Exercise: Repeat each entry exactly. Drop every image.

::: Record excerpts

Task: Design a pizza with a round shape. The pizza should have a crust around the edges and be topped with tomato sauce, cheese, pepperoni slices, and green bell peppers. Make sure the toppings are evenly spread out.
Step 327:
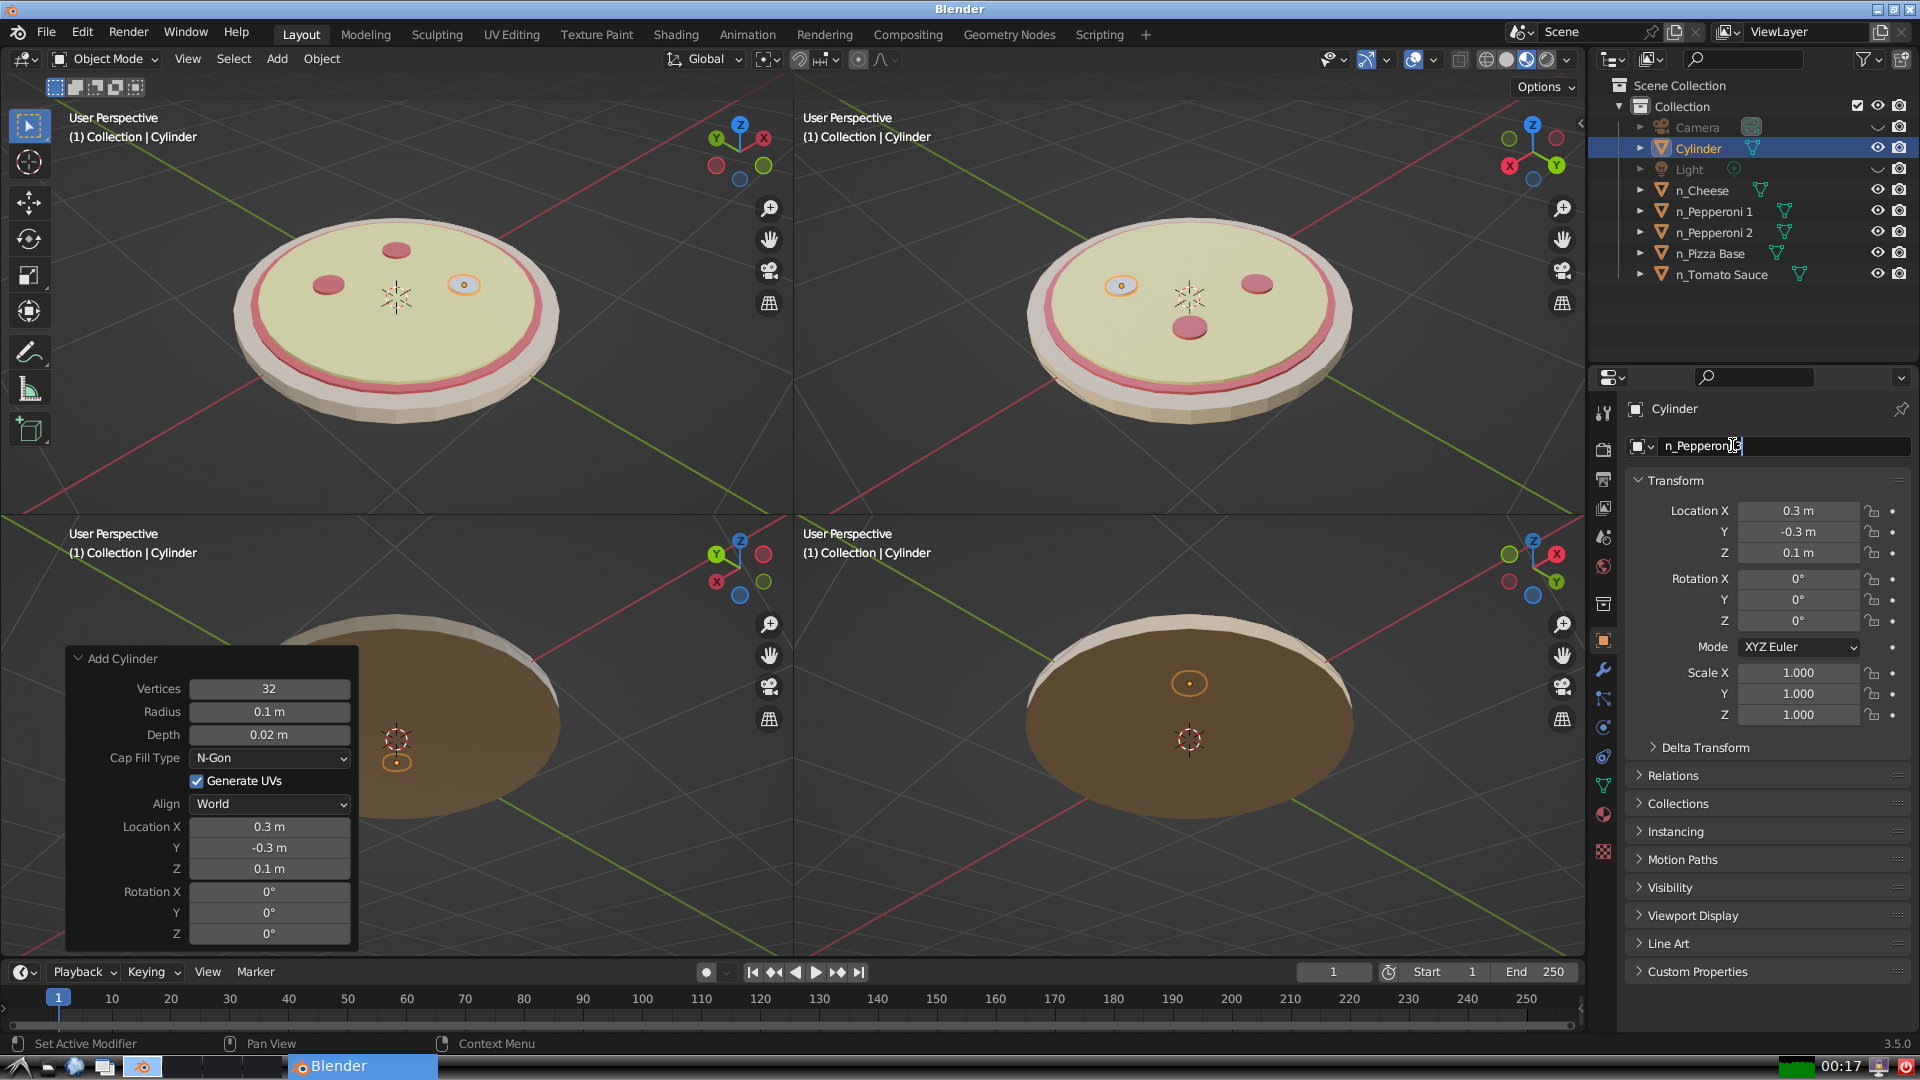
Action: {"key_press": ['Return']}
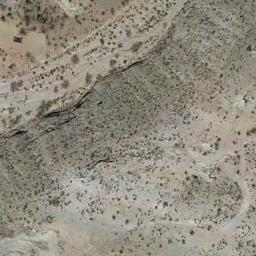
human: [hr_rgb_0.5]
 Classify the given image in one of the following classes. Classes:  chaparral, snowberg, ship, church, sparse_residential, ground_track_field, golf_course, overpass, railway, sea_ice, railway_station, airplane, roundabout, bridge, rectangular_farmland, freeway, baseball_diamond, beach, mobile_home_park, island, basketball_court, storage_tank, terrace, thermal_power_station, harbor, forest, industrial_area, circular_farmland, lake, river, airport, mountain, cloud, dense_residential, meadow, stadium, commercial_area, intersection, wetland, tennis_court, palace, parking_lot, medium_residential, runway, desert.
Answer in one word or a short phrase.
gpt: chaparral
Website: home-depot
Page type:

::::::

Result of the task:
Task: Design a pizza with a round shape. The pizza should have a crust around the edges and be topped with tomato sauce, cheese, pepperoni slices, and green bell peppers. Make sure the toppings are evenly spread out.
Step 327:
Action: {"key_press": ['Return']}
human: [hr_rgb_0.5]
 Classify the given image in one of the following classes. Classes:  chaparral, snowberg, ship, church, sparse_residential, ground_track_field, golf_course, overpass, railway, sea_ice, railway_station, airplane, roundabout, bridge, rectangular_farmland, freeway, baseball_diamond, beach, mobile_home_park, island, basketball_court, storage_tank, terrace, thermal_power_station, harbor, forest, industrial_area, circular_farmland, lake, river, airport, mountain, cloud, dense_residential, meadow, stadium, commercial_area, intersection, wetland, tennis_court, palace, parking_lot, medium_residential, runway, desert.
Answer in one word or a short phrase.
gpt: chaparral
Website: home-depot
Page type:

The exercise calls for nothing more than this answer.